All pictures are to be dropped, and the remaining data set down exactly.
───── Supplied information ─────
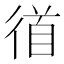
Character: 𭛼
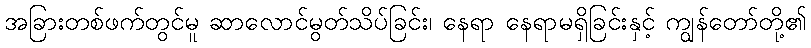
အခြားတစ်ဖက်တွင်မူ ဆာလောင်မွတ်သိပ်ခြင်း၊ နေရာ နေရာမရှိခြင်းနှင့် ကျွန်တော်တို့၏
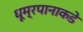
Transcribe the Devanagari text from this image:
धूम्रपानाकडे
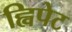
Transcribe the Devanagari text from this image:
ह्विपेट
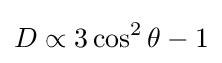
D\propto 3\cos ^{2}\theta -1
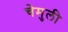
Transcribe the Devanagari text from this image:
चेमुली
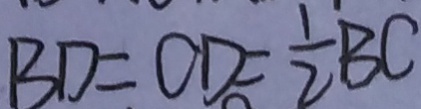
B D = O D = \frac { 1 } { 2 } B C
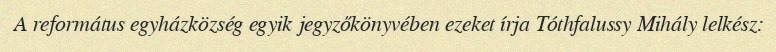
A református egyházközség egyik jegyzőkönyvében ezeket írja Tóthfalussy Mihály lelkész:
─────
• _Task output_
Character: 𭛼
အခြားတစ်ဖက်တွင်မူ ဆာလောင်မွတ်သိပ်ခြင်း၊ နေရာ နေရာမရှိခြင်းနှင့် ကျွန်တော်တို့၏
Transcribe the Devanagari text from this image:
धूम्रपानाकडे
Transcribe the Devanagari text from this image:
ह्विपेट
D\propto 3\cos ^{2}\theta -1
Transcribe the Devanagari text from this image:
चेमुली
B D = O D = \frac { 1 } { 2 } B C
A református egyházközség egyik jegyzőkönyvében ezeket írja Tóthfalussy Mihály lelkész:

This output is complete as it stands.